JK: Bongkar Semua Gudang dan Dok Yard di Tanjung Priok

JK: Bongkar Semua Gudang dan Dok Yard di Tanjung Priok

- detikFinance
Selasa, 03 Mar 2009 13:15 WIB
JK: Bongkar Semua Gudang dan Dok Yard di Tanjung Priok
Jakarta - Wapres Jusuf Kalla meminta agar semua gudang dan dok yard di pelabuhan Tanjung Priok dibongkar. Adanya gudang dan dok yard di pelabuhan dinilai menghambat aktivitas dan mempersempit kapasitas penyimpanan kontainer.

Demikian disampaikannya dalam pembukaan Munar IV Gabungan Forwarder & Ekspedisi Seluruh Indonesia ( GAFEKSI ) di Istana Wapres, Jakarta, Selasa (3/3/2009).

Menurut Kalla, penggunaan gudang di pelabuhan merupakan gaya lama. Apalagi saat ini banyak gudang yang biasanya untuk penyimpanan peti dan karung kini tidak lagi berisi. Jika seluruh gudang yang ada dibongkar, Kalla yakin kapasitas dermaga yang saat ini 3 juta TEUs bisa meningkat hingga 50%.

SCROLL TO CONTINUE WITH CONTENT

"Kita masih konvensional pakai gudang. Bongkar semua gudang, karena isi gudang tidak ada lagi peti atau karung. Hitung-hitungan saya, saya yakin begitu gudang dibongkar akan naik 50% dari 3 juta teus," katanya.

Tak cuma gudang, Kalla juga meminta agar semua dok yard yang ada di pelabuhan juga dibongkar. Menurutnya, keberadaan dok yard di pelabuhan sama saja dengan membangung pabrik mobil di Menteng.

"Kalau ada dok yard di Tanjung Priok sama dengan bikin mobil di Menteng.

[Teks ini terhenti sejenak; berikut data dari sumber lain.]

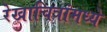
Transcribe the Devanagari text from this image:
रेखाचित्रांमध्ये
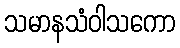
သမာနသံဝါသကော
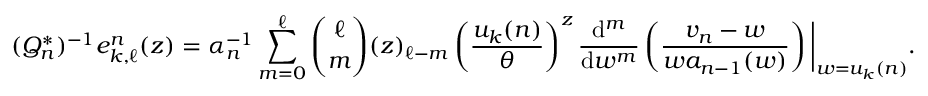
( Q _ { n } ^ { * } ) ^ { - 1 } e _ { k , \ell } ^ { n } ( z ) = \alpha _ { n } ^ { - 1 } \sum _ { m = 0 } ^ { \ell } { \binom { \ell } { m } } ( z ) _ { \ell - m } \left( \frac { u _ { k } ( n ) } { \theta } \right) ^ { z } \frac { \mathrm { d } ^ { m } } { \mathrm { d } w ^ { m } } \left( \frac { v _ { n } - w } { w a _ { n - 1 } ( w ) } \right) \bigg | _ { w = u _ { k } ( n ) } .
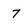
Character: 7
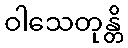
ဝါသေတုန္တိ
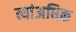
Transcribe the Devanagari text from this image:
त्यांअधिक
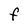
Character: F
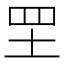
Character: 𦉷
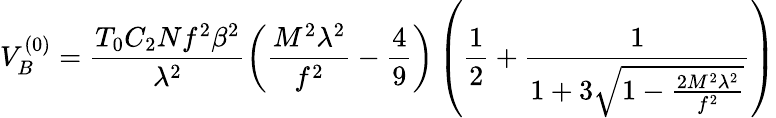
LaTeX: V_{B}^{(0)}=\frac{T_{0}C_{2}Nf^{2}\beta^{2}}{\lambda^{2}}\left(\frac{M^{2}\lambda^{2}}{f^{2}}-\frac{4}{9}\right)\left(\frac{1}{2}+\frac{1}{1+3\sqrt{1-\frac{2M^{2}\lambda^{2}}{f^{2}}}}\right)
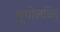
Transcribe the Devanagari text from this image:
भूगोलविद्
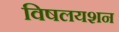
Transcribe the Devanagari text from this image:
विषलयशन
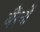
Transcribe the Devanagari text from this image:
बैंरनों
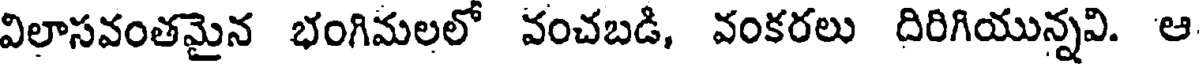
విలాసవంతమైన భంగిమలలో వంచబడి, వంకరలు దిరిగియున్నవి. ఆ

Boleh ada pemeliharaan kapal, tapi jangan bikin kapal di sana," katanya.

Selain itu, untuk meningkatkan aktivitas di pelabuhan Tanjung Priok, Kalla juga menilai perlu ada fasilitas tambahan yang harus dibangun seperti crane container dan akses transportasi jalan tol serta kereta api.

"Untuk infrastuktur di Tanjung Priok itu, beli craene, selesai urusan. Bikin jalan tol, masukkan KA di situ. Sinkronkan semua container yacht," katanya.

Namun yang harus diperbaiki bukan cuma fasilitas tapi juga pelayanan dan disiplin petugas.

"Peranan bea cukai, sangat berbeda dengan yang dulu. Sekarang tidak lagi seketat dulu, disiplin memang perlu tapi sekarang berbeda. Dulu digeledah satu-satu bisa memperlambat dan tambah biaya 5%," katanya.

Menanggapi hal ini, Menteri Perhubungan Jusman Syafii Djamal menuturkan, hingga kini baru 25 gudang yang dibongkar. Selanjutnya ada sekitar 15 gudang lagi yang akan dibongkar.

"Sudah 25 gudang, kurang 15 lagi dan sedang dilaksanakan agar jadi tempat kontainer. Ini sedang ditangani Pelindo II. Kalau untuk dok yard masih ada dari Koja Bahari. Kita rencanankan pindahkan ke Batam. Agar bisa dibuat car port yang luas," katanya.